Andrew Webster

Personal information
- Full name: Andrew John Webster
- Born: 5 March 1959 (age 67) Rolleston on Dove, Staffordshire, England
- Nickname: Webbo
- Batting: Left-handed
- Bowling: Right-arm medium

Domestic team information
- 1981–1982: Worcestershire
- 1985–1988: Staffordshire
- 1986–1988: Minor Counties

Career statistics
| Competition | FC | LA |
| Matches | 9 | 17 |
| Runs scored | 81 | 76 |
| Batting average | 13.50 | 7.60 |
| 100s/50s | 0/0 | 0/0 |
| Top score | 25 | 30 |
| Balls bowled | 1,249 | 912 |
| Wickets | 15 | 16 |
| Bowling average | 48.93 | 39.75 |
| 5 wickets in innings | 1 | 0 |
| 10 wickets in match | 0 | N/A |
| Best bowling | 5/87 | 4/38 |
| Catches/stumpings | 3/0 | 1/0 |
- Source: CricketArchive, 27 November 2008

= Andrew Webster (cricketer) =

English cricketer

Andrew John Webster (born 5 March 1959) is a former English cricketer who played first-class and List A cricket for Worcestershire during the early 1980s. He also appeared at List A level for Staffordshire and Minor Counties.

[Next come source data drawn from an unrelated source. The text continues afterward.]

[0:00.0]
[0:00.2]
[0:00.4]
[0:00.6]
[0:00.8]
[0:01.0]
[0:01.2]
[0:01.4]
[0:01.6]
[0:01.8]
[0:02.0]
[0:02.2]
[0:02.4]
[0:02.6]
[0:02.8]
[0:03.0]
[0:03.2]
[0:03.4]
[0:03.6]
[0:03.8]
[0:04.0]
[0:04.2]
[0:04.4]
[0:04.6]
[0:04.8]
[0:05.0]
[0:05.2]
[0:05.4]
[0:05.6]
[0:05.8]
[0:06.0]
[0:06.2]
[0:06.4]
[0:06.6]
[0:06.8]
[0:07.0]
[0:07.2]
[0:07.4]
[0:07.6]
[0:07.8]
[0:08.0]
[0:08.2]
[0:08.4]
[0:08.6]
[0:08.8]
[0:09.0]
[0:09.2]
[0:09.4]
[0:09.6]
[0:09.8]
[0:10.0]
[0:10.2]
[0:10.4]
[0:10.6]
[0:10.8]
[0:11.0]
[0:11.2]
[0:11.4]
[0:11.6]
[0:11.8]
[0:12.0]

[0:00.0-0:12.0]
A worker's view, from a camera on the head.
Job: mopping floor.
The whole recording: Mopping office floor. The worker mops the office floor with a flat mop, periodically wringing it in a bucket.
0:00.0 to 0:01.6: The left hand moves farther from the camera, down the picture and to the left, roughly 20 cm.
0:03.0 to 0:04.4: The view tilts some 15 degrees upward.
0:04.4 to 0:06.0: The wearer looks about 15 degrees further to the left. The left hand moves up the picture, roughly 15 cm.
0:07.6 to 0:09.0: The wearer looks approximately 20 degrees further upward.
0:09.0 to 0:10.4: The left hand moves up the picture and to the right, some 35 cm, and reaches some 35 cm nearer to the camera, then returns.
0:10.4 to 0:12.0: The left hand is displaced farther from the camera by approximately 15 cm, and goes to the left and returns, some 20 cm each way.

Webster played briefly for Derbyshire's Second XI in 1979,
but he made his first-class debut for Worcestershire against Kent at Canterbury at the very end of the 1981 season. In a weather-affected match he bowled six wicketless overs and scored 6.

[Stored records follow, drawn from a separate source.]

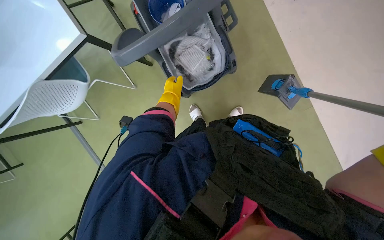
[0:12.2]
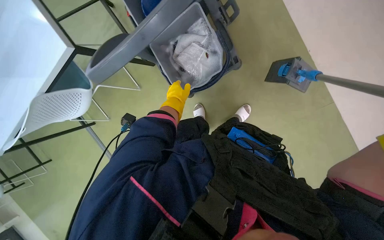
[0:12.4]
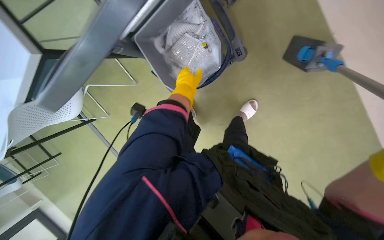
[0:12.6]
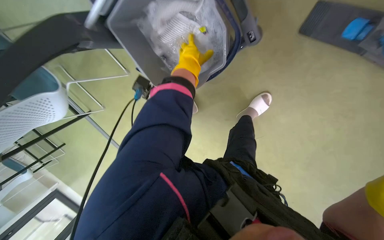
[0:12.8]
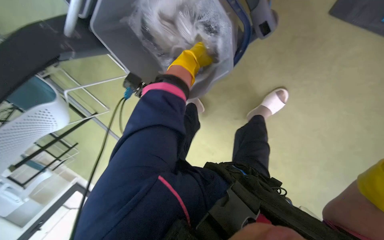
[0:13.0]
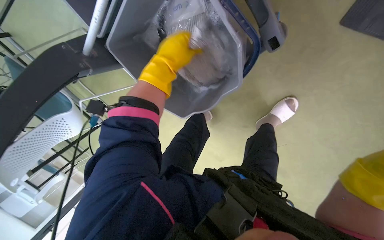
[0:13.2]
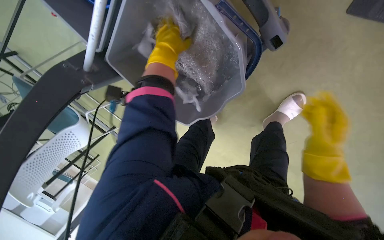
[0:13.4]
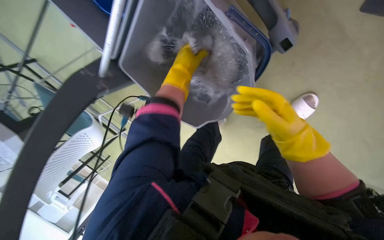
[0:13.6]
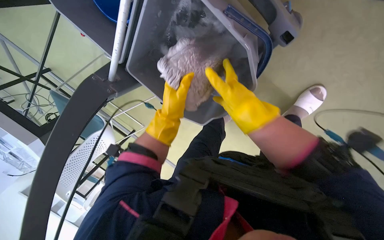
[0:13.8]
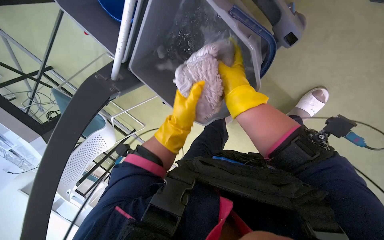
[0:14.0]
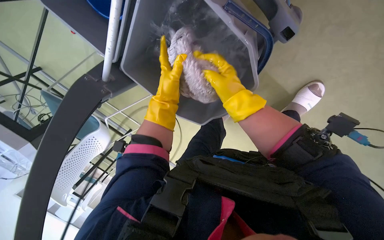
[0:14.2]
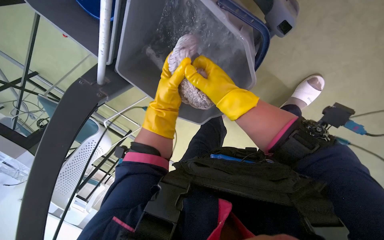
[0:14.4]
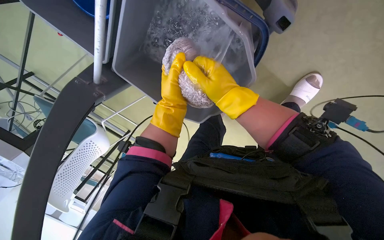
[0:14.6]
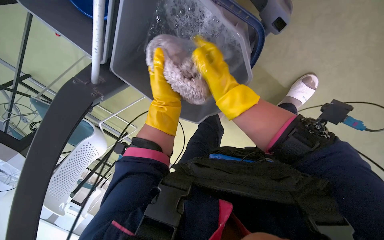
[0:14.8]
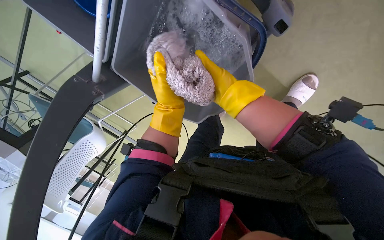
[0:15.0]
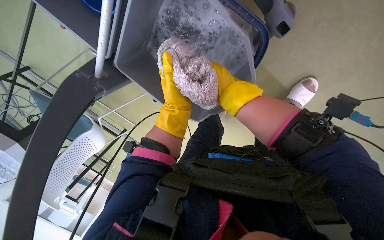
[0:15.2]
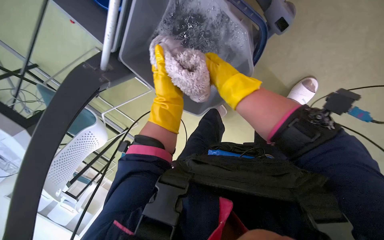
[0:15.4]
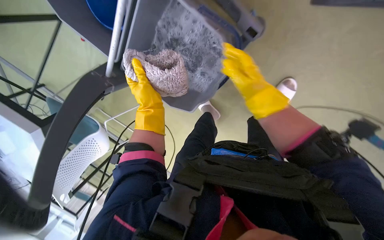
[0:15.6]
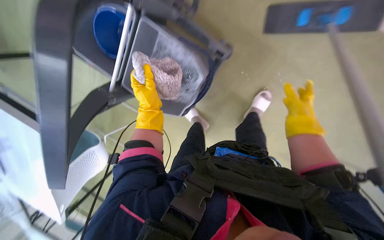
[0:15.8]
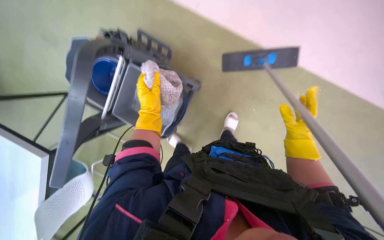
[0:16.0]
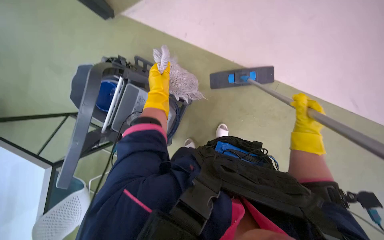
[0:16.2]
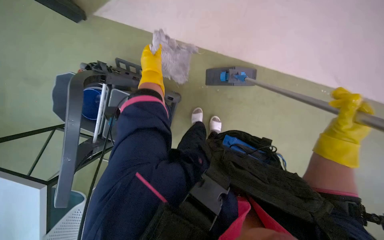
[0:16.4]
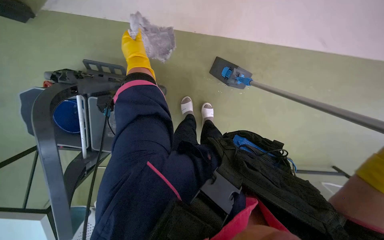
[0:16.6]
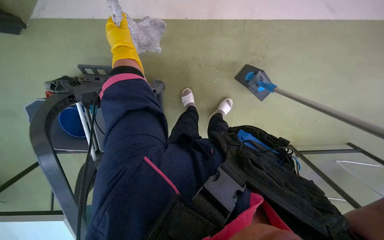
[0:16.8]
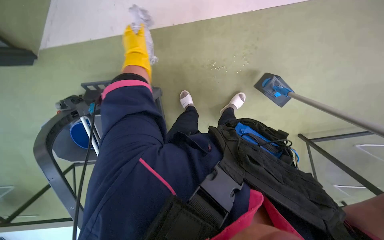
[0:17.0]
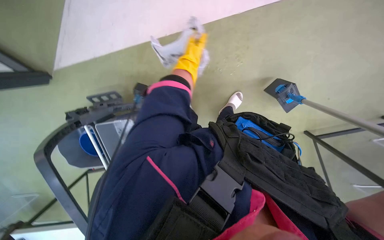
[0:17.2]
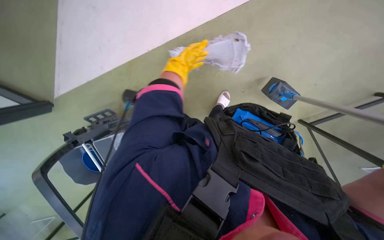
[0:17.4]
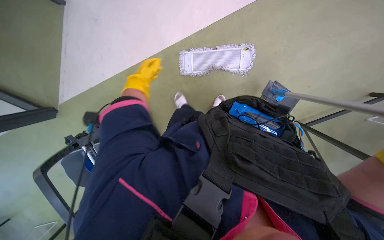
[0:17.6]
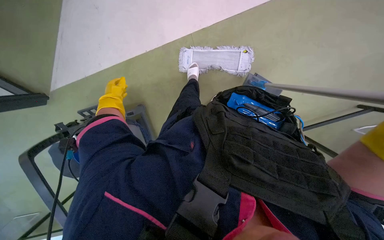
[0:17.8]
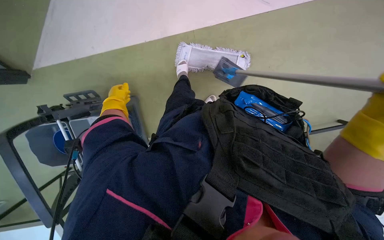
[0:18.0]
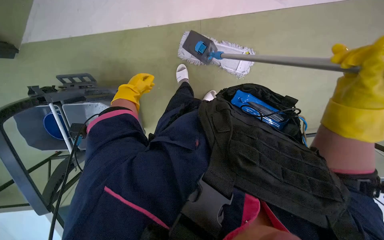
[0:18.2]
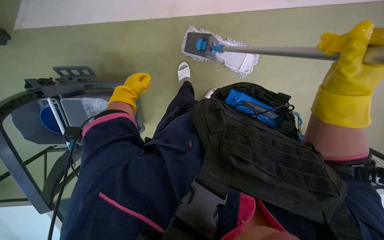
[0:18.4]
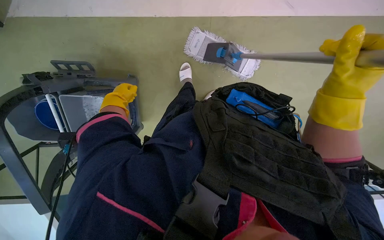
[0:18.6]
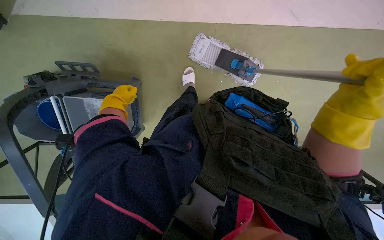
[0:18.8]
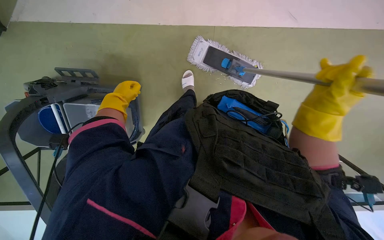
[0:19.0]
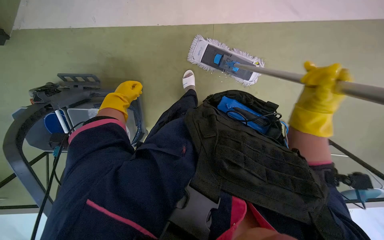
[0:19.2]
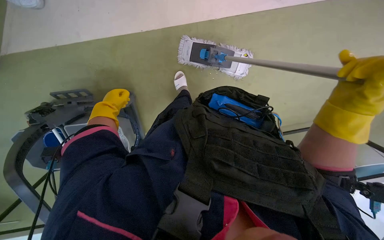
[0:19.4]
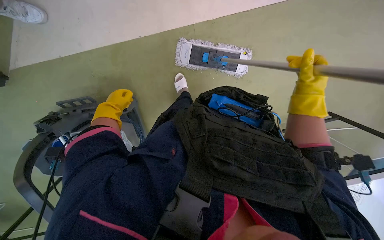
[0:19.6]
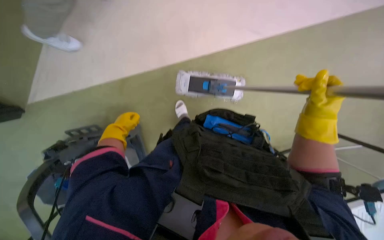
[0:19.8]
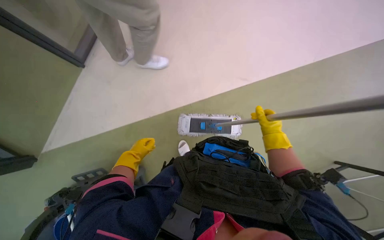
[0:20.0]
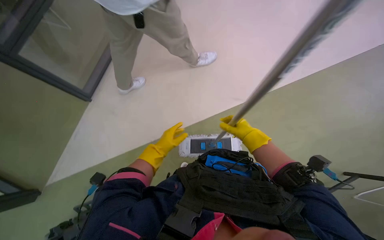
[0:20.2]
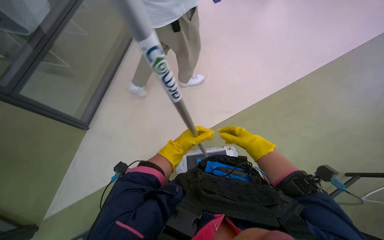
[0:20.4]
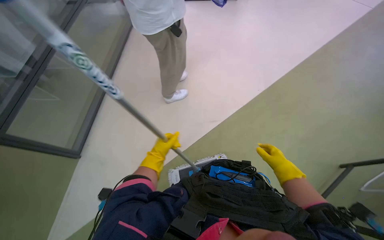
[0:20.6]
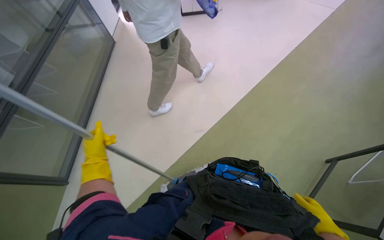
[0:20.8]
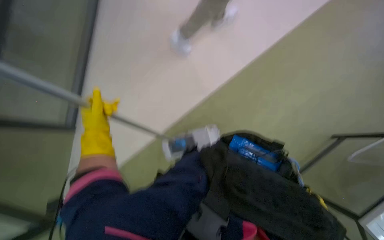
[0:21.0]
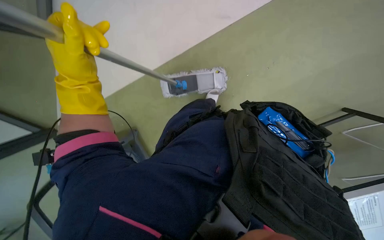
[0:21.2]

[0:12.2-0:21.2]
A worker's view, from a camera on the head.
Job: mopping floor.
The whole recording: Mopping office floor. The worker mops the office floor with a flat mop, periodically wringing it in a bucket.
0:13.8 to 0:15.2: The hands stay close to where they were, moving slightly.
0:15.2 to 0:16.6: The camera pitches upward, by approximately 15 degrees. The left hand moves to the left, approximately 15 cm.
0:18.2 to 0:19.8: The right hand goes nearer and farther, approximately 15 cm each way, reversing 2 times.

In 1982 Webster began the year in the seconds, but made his way into the first team by mid-season, and once there retained his place for most of the rest of the summer. His best performance came against Hampshire in August, when he took his career-best of 5/87 in the first innings, then (batting at ten) stayed with number 11 Stephen Perryman as the two added 6 to complete a one-wicket victory.
However, he was unable to match this feat, and by the end of the year was back in the Second XI, where he never returned, due to spinal injury.

After another game for Derbyshire II,
in 1985 he joined Staffordshire to play minor counties cricket, and stayed with them until the end of the 1980s, also playing six times for the Minor Counties representative side in the Benson & Hedges Cup. With Staffordshire he obtained his best List A figures, 4/38 against Nottinghamshire in the NatWest Trophy in 1985.
In 1989 he was part of the Old Hill side which narrowly lost the Cockspur Cup final to Teddington.